沙棠剛往前走一步,立刻感覺到藤蔓輕柔的拉住自己的手,像是安撫般拍了拍他的手背。
陳賀頗為嫌惡地瞥了眼因為痛苦扭動得如同蛆蟲般的轎男。
遊龍說得對,如果不是沙棠在,這種貨色他連眼神都不會施舍,更別說是動用死神鐮刀。
"老大,如果那人找來了怎麽辦?"遊龍有些擔心地問道。
躲了這麽久了,卻因為這麽個垃圾貨色功虧一簣,這麽想著就覺得不甘心。
陳賀勾了勾唇角,抬腳跨過已經化作一攤黑水的轎男,植物牆層層散開,逐漸顯露出通往圓台的方向。

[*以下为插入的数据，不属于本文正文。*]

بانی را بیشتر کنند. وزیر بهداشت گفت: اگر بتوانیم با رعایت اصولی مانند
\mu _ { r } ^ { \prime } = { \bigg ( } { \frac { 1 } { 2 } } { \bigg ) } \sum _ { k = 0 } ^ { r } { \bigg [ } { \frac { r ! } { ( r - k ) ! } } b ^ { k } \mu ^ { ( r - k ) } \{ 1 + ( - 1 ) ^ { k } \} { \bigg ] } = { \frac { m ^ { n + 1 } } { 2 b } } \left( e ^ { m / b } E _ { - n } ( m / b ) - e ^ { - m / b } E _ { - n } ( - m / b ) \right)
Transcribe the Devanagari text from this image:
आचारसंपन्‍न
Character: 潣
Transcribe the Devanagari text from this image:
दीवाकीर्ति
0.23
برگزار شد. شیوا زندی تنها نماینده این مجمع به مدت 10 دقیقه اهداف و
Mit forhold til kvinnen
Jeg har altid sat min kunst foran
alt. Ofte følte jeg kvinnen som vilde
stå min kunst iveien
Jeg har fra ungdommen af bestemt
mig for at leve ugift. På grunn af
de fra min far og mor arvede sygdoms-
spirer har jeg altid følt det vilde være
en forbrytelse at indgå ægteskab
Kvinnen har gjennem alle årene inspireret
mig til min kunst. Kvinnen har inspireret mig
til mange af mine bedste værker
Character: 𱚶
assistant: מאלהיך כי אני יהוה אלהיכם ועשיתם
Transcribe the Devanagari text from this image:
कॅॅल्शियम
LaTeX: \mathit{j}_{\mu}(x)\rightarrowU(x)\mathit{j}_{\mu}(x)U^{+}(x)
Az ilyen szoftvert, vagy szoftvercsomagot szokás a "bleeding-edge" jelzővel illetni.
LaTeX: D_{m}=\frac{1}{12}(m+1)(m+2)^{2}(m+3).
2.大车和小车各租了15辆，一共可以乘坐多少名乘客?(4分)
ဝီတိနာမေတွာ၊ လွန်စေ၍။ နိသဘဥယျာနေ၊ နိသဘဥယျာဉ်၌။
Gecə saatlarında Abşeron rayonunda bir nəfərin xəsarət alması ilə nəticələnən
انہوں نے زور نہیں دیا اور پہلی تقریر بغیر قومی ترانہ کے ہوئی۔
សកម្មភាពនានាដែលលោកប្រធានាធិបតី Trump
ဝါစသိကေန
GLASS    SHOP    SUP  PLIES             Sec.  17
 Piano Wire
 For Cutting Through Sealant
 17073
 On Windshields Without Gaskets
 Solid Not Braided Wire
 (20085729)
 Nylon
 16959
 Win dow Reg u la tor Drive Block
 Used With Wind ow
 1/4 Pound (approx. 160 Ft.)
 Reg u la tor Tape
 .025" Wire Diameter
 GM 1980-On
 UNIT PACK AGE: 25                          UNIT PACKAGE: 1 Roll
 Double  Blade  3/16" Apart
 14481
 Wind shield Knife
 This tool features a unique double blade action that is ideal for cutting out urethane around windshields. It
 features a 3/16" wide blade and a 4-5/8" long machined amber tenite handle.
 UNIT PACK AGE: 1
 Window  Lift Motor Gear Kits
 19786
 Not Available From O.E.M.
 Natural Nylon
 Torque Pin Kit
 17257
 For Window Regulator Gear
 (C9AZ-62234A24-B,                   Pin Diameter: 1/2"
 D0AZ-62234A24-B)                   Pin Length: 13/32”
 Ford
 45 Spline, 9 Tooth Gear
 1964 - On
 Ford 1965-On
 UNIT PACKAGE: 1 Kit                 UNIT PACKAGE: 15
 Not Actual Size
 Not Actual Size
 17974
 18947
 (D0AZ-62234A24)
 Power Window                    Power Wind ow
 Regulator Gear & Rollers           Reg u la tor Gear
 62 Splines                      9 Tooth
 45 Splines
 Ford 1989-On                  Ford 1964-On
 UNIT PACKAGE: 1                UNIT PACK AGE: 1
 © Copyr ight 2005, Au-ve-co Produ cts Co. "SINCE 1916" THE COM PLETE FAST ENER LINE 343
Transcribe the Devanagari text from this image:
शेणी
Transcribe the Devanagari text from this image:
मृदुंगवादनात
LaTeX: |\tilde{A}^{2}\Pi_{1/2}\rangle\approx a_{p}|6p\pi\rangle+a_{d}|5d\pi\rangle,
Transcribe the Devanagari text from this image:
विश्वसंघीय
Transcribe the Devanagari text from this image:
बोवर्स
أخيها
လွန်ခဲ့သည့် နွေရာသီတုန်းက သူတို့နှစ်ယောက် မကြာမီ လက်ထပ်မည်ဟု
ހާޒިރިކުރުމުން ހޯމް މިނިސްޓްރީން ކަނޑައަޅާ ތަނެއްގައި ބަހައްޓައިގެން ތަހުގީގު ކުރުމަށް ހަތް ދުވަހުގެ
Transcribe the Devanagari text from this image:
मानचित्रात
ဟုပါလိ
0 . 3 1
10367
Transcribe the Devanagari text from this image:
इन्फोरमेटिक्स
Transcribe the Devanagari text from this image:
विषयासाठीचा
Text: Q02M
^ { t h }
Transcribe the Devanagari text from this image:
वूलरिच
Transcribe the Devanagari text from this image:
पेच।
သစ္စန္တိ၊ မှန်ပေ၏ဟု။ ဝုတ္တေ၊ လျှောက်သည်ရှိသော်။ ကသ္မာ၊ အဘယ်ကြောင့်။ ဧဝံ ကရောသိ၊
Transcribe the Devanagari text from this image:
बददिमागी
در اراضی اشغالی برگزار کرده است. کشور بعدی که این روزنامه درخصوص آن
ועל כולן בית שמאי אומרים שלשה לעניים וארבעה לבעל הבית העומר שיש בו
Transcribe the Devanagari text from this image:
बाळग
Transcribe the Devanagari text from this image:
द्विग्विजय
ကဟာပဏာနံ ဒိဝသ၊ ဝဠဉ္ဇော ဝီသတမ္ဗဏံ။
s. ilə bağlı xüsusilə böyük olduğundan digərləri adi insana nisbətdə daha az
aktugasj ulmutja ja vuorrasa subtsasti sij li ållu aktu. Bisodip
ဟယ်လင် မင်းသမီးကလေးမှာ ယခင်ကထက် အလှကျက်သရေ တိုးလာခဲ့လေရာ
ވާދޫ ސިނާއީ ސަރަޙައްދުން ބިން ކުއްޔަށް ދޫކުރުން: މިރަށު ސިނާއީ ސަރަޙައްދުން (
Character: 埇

白茫茫的世界裡,只有那個人是唯一的色彩,濃烈而不自知。
"沒有必要,我們已經被那個人找到了,既然這樣不妨把局子盤大一點,讓這個遊戲熱鬧起來。"
黑水在灼熱的光芒下逐漸蒸發,化作水霧,徹底消失。
陳賀緩緩靠近圓台,視線始終所在那人的身上,眼中是毫不遮掩的狂熱。
火苗的光芒逐漸黯淡,縮小,然後熄滅變成一縷黑煙。
"嘔!"最後消失的小火苗發出一聲乾嘔,也不知道是吃撐了還是被轎男身上的腐臭味熏壞了。
"老大,你怎麽知道被發現了?"遊龍好奇問道。
隨著鈴蘭的消失,buff加持消失,黑龍消失,再次變成小絲帶,在陳賀身邊飄飄蕩蕩。
世界再次恢復顏色,從極白到昏暗,感覺就像是經過了拍證件照的時候攝影師開了閃光燈,眼睛酸酸澀澀的,很不舒服。
沙棠揉了揉眼睛,然後就聽陳賀用極輕極淡的聲音說道:"因為轎男,這個家夥是出了名的有耐心,殺了張師長的影子十幾年了都沒有動作,對沙棠這麽著急,隻可能是因為那個人發現我了。"
沉默了一瞬,他又補了一句:"他發現了沙棠,然後順勢找到了我,他知道我肯定就在沙棠的身邊。"